### Data supplied ###

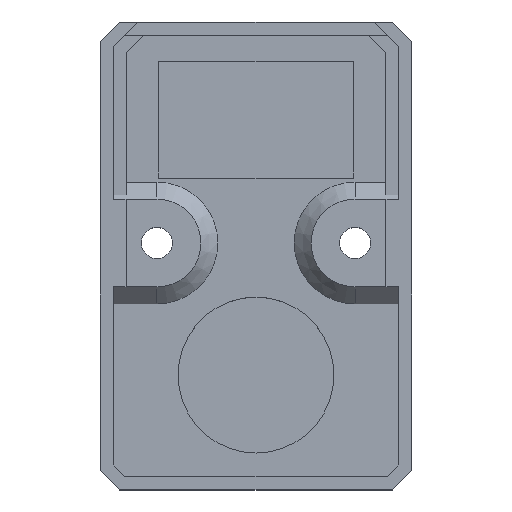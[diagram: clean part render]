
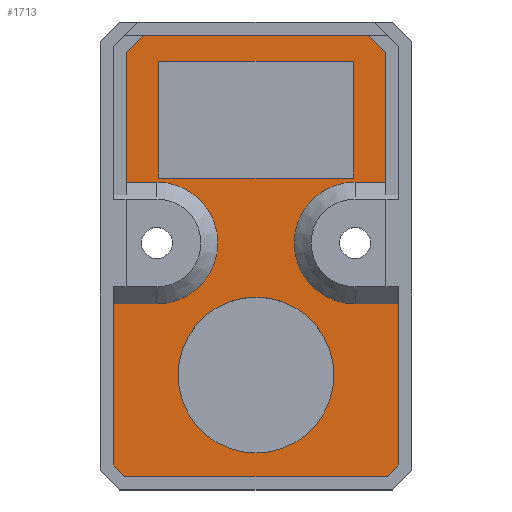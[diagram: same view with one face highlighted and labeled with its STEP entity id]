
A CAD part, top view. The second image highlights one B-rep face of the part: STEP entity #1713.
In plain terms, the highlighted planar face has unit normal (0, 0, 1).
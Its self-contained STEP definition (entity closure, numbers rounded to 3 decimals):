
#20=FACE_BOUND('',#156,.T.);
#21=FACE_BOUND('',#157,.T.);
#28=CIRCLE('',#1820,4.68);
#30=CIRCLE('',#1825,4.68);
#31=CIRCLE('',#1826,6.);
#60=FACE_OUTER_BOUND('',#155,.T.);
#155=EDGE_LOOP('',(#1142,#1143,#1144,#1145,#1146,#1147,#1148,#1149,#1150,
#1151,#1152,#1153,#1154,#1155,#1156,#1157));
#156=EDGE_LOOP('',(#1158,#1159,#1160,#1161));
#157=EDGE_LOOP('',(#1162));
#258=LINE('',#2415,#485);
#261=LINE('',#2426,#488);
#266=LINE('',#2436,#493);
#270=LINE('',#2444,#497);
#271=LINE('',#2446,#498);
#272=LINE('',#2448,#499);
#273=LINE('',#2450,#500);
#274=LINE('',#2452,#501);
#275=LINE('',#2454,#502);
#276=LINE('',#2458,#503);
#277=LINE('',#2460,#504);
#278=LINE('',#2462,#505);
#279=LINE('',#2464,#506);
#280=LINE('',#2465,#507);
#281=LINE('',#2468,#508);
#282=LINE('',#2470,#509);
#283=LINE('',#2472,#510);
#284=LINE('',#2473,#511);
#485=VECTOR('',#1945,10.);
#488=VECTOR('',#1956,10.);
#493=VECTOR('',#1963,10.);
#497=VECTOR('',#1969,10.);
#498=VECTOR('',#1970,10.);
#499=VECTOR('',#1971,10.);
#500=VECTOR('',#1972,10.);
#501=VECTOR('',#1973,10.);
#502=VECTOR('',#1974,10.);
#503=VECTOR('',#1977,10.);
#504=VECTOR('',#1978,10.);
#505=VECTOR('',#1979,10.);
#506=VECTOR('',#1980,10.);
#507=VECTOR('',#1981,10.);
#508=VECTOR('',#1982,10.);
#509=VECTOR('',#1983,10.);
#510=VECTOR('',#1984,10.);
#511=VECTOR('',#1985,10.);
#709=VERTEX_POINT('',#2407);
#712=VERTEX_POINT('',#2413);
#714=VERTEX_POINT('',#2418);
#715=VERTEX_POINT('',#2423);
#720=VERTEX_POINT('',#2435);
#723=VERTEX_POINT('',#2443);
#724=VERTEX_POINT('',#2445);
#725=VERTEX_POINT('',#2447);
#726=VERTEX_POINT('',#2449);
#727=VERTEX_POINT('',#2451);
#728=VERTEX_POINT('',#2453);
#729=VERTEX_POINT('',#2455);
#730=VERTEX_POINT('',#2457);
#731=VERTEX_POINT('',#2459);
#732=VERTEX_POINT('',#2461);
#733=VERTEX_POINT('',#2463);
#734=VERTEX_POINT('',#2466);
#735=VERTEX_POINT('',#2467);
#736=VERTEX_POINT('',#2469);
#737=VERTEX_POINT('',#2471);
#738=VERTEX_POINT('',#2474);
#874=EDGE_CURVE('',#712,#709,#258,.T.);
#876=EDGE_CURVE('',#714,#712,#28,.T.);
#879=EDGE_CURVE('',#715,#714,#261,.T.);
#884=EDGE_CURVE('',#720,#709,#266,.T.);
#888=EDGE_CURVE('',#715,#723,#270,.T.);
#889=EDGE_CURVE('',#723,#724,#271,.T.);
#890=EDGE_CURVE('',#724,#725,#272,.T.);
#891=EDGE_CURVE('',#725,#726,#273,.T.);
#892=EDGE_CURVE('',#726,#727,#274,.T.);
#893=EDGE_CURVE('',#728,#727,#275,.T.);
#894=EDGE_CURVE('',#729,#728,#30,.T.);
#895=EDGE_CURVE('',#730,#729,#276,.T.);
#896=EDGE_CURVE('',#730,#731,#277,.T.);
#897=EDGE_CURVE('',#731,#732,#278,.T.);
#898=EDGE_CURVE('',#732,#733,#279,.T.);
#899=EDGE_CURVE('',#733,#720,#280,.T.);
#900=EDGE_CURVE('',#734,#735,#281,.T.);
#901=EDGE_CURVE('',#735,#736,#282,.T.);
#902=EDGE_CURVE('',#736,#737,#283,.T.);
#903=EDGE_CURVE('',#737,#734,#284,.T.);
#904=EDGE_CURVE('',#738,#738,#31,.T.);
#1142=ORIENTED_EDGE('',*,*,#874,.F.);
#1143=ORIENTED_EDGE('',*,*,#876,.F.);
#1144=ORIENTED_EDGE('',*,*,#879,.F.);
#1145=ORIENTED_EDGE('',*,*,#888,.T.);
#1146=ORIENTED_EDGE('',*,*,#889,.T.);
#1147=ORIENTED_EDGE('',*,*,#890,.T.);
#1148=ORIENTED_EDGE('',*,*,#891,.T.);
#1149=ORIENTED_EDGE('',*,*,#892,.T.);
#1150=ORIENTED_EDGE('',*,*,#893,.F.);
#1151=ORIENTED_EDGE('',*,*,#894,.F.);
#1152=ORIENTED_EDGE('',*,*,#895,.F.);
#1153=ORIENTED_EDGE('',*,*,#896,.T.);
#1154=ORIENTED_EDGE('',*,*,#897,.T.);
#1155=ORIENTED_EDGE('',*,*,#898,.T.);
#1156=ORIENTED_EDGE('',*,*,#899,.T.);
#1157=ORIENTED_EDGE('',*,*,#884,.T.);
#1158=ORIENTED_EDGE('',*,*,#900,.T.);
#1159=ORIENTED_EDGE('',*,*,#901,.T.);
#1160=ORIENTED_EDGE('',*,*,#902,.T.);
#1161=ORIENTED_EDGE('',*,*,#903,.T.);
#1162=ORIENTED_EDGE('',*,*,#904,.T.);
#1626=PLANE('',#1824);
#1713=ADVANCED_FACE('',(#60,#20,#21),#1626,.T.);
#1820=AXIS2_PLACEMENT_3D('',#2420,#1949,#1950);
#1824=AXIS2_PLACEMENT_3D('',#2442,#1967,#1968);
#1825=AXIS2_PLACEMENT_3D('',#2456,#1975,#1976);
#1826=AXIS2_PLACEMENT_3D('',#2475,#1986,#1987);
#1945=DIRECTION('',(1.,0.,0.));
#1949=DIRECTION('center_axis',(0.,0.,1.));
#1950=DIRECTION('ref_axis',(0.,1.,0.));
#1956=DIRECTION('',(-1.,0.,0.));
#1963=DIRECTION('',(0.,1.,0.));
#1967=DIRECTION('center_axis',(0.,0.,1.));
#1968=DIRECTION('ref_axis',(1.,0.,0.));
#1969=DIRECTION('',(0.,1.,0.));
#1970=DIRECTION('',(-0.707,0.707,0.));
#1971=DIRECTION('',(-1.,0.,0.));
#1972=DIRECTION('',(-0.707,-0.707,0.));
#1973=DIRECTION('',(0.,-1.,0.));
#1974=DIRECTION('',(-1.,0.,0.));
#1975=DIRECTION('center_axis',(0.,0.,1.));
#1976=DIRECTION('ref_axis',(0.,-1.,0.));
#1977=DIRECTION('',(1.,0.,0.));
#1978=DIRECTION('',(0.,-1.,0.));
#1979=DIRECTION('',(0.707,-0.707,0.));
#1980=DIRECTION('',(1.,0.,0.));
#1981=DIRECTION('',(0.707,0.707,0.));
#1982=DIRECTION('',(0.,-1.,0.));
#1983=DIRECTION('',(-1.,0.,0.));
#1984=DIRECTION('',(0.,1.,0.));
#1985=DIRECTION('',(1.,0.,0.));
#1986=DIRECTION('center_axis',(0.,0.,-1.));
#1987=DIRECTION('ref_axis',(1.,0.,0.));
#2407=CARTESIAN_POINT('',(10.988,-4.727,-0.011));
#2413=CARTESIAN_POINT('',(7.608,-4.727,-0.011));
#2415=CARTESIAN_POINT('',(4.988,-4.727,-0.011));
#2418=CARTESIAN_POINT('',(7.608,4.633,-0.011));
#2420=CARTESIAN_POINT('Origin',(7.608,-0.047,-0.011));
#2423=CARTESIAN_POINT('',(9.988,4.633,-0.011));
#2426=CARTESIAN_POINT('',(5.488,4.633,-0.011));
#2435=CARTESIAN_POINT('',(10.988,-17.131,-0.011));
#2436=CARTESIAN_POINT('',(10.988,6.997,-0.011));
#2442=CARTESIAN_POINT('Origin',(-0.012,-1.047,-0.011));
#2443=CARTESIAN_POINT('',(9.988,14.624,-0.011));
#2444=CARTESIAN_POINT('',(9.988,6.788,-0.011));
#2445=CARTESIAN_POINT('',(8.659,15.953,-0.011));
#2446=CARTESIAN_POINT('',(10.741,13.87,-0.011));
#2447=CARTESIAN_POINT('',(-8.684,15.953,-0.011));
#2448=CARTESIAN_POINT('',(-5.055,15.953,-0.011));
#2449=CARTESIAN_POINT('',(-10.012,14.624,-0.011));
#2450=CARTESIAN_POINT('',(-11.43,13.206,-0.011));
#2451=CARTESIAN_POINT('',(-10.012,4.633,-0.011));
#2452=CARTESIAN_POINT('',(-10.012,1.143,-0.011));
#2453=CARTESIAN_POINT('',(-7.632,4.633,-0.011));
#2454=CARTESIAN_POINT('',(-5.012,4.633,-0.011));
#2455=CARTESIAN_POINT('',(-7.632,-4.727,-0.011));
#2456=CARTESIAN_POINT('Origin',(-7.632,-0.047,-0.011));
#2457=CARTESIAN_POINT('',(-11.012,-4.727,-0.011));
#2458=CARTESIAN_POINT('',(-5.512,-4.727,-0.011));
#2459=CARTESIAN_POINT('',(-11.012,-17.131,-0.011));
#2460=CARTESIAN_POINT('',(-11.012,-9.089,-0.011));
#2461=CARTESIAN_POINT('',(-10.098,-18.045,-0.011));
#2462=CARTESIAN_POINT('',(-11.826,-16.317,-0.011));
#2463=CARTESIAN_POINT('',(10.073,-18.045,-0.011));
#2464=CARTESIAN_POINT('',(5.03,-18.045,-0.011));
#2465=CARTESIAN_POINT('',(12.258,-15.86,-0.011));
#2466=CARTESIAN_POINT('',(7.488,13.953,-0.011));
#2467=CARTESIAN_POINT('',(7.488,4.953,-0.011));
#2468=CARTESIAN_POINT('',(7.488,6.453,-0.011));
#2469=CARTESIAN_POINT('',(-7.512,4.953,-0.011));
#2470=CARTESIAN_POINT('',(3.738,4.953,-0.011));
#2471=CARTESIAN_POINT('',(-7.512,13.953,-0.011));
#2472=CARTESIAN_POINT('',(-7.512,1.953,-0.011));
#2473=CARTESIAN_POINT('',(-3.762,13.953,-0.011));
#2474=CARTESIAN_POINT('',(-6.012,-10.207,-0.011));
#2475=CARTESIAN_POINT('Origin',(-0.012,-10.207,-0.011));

###

§ About this task
Only one stretch of the entries above is wanted: the lines from the one containing "#1713=ADVANCED_FACE('',(#60,#20,#21),#1626,.T.);" through the one containing "#1950=DIRECTION('ref_axis',(0.,1.,0.));". Please reproduce it exactly.

§ Response to the task
#1713=ADVANCED_FACE('',(#60,#20,#21),#1626,.T.);
#1820=AXIS2_PLACEMENT_3D('',#2420,#1949,#1950);
#1824=AXIS2_PLACEMENT_3D('',#2442,#1967,#1968);
#1825=AXIS2_PLACEMENT_3D('',#2456,#1975,#1976);
#1826=AXIS2_PLACEMENT_3D('',#2475,#1986,#1987);
#1945=DIRECTION('',(1.,0.,0.));
#1949=DIRECTION('center_axis',(0.,0.,1.));
#1950=DIRECTION('ref_axis',(0.,1.,0.));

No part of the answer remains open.